Copy each line below as written, but skip the pictures.

▶ Material provided:
==*==

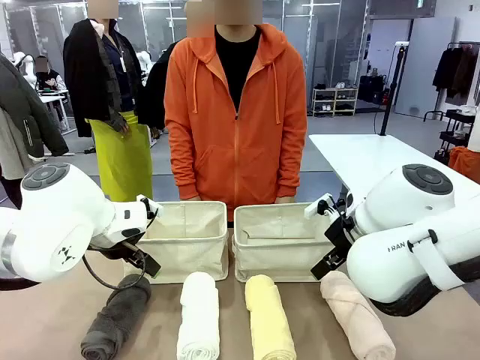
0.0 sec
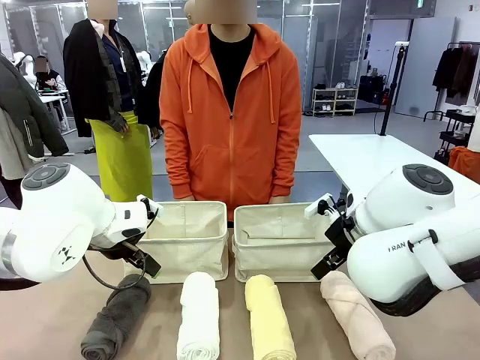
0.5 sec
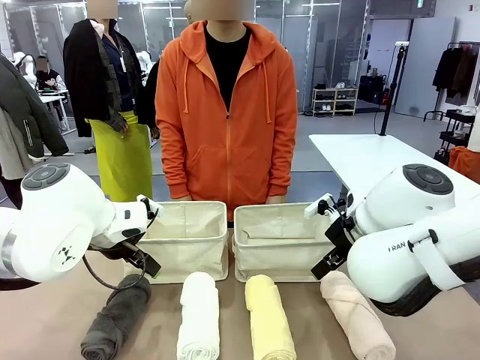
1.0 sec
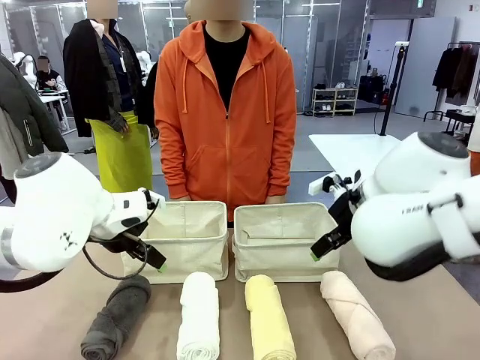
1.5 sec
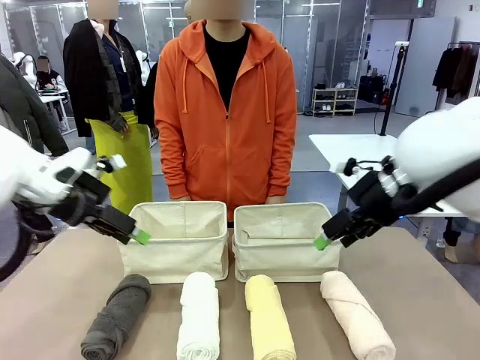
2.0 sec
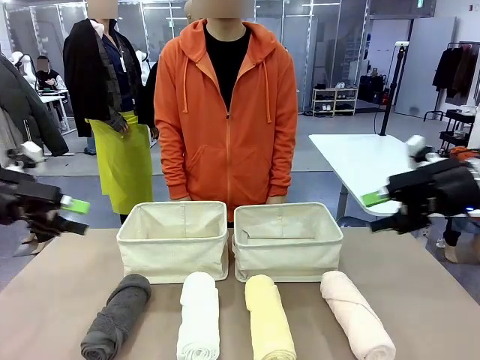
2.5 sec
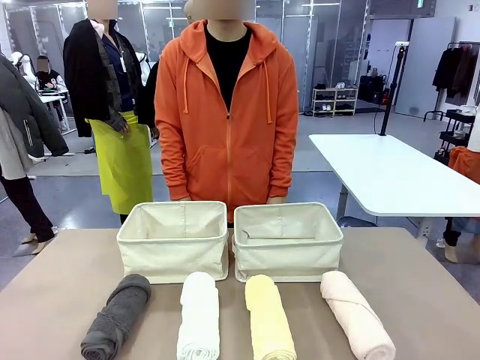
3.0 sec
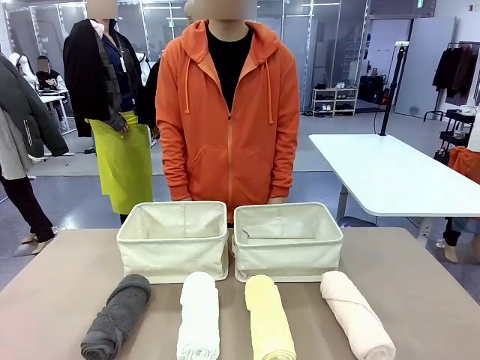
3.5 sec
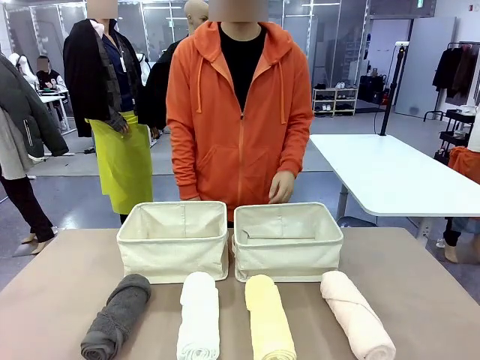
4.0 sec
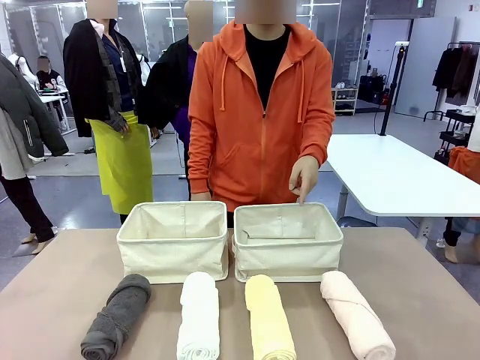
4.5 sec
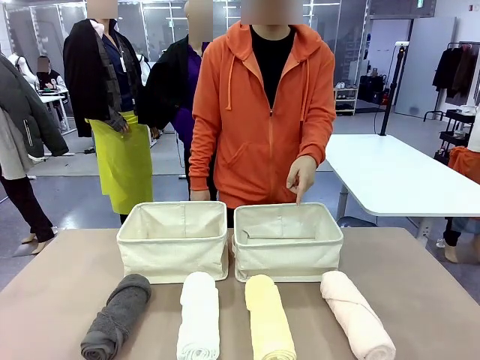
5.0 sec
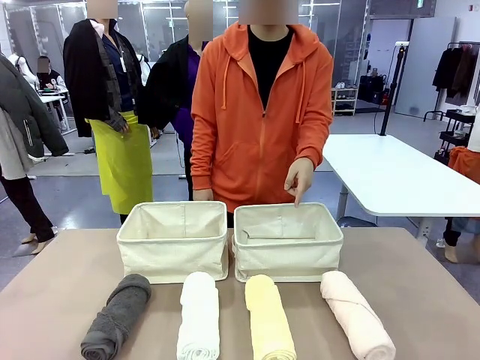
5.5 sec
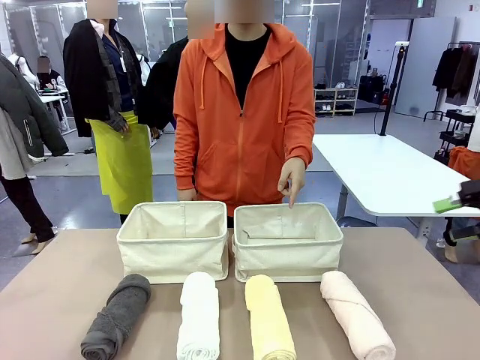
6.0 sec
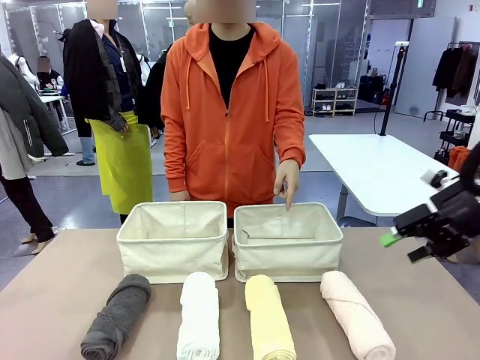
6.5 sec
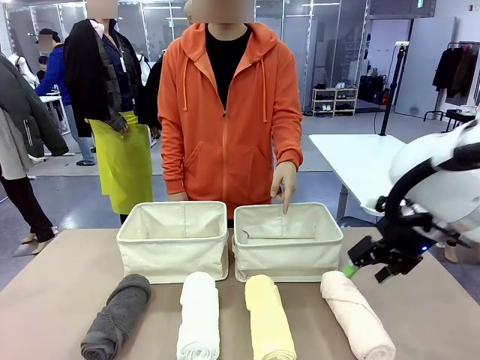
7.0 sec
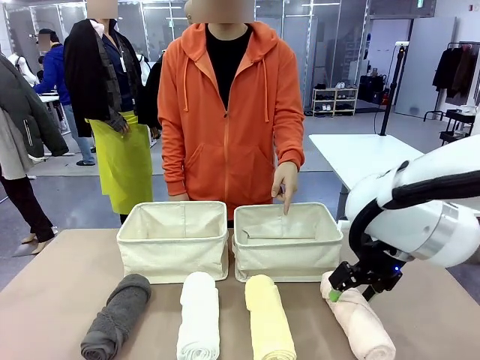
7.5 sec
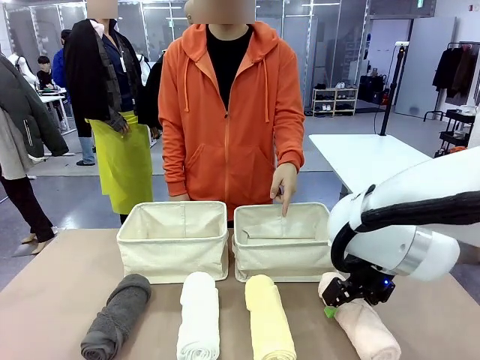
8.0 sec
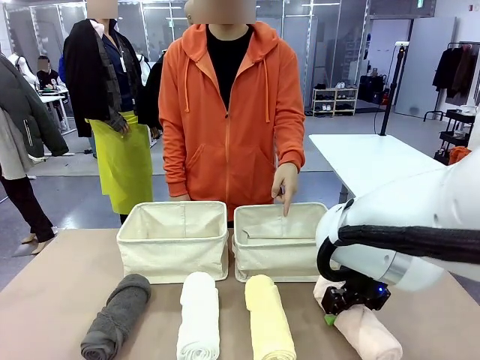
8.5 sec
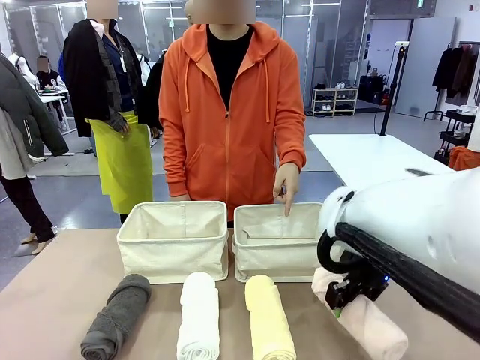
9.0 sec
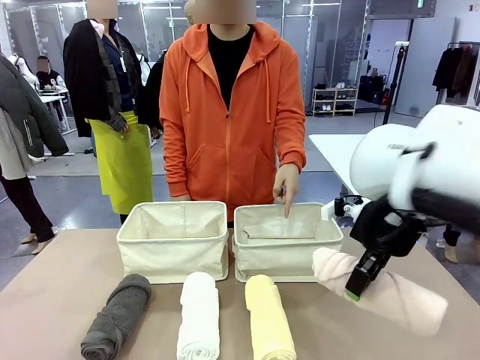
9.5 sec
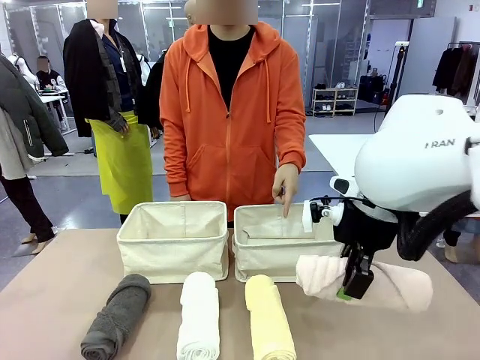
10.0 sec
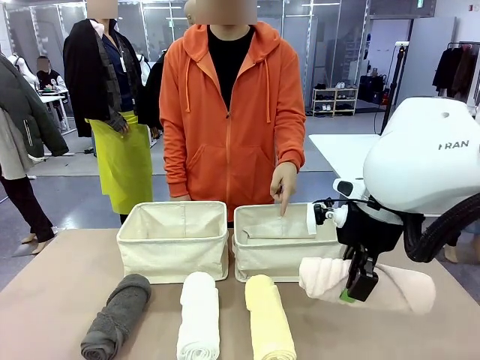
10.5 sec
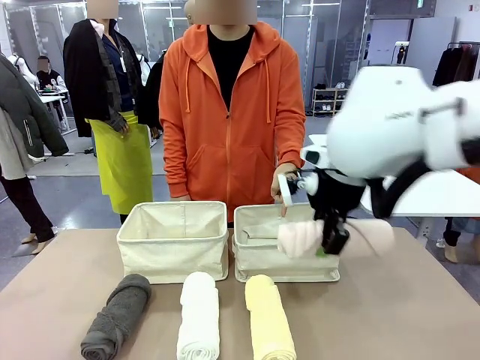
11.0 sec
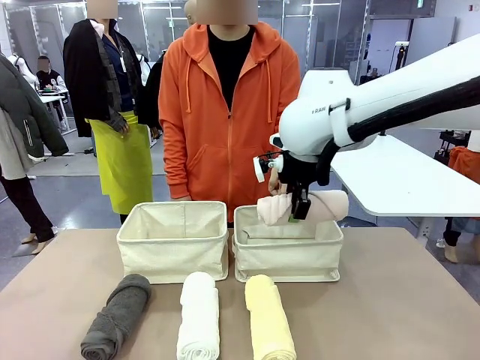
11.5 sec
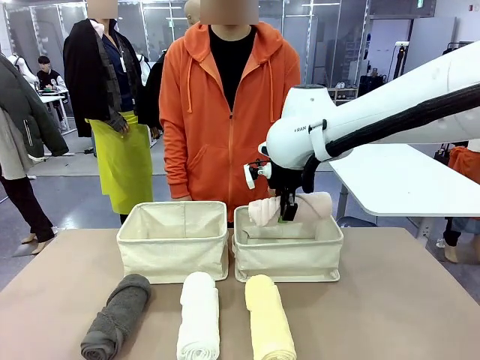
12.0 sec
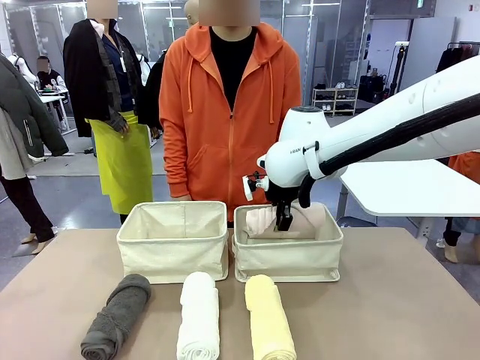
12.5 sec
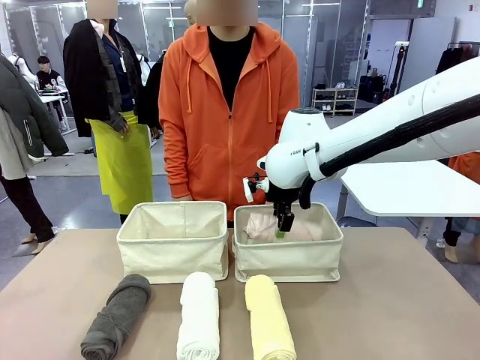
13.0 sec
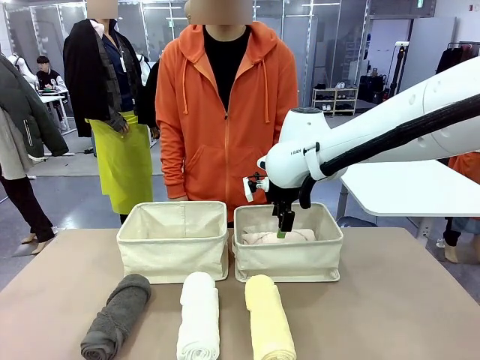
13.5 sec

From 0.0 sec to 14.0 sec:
Task: Divide the towels into two baskets.
Robot: Pick up one hotel-folded towel and place it in the Fabric basket indicated by the person.

==*==

▶ The completed task:
0.0 sec
0.5 sec
1.0 sec
1.5 sec
2.0 sec
2.5 sec
3.0 sec
3.5 sec
4.0 sec
4.5 sec
5.0 sec
5.5 sec
6.0 sec
6.5 sec
7.0 sec
7.5 sec
8.0 sec
8.5 sec
9.0 sec
9.5 sec
10.0 sec
10.5 sec
11.0 sec
11.5 sec
12.0 sec
12.5 sec
13.0 sec
13.5 sec

From 0.0 sec to 14.0 sec:
Task: Divide the towels into two baskets.
Robot: Pick up one hotel-folded towel and place it in the Fabric basket indicated by the person.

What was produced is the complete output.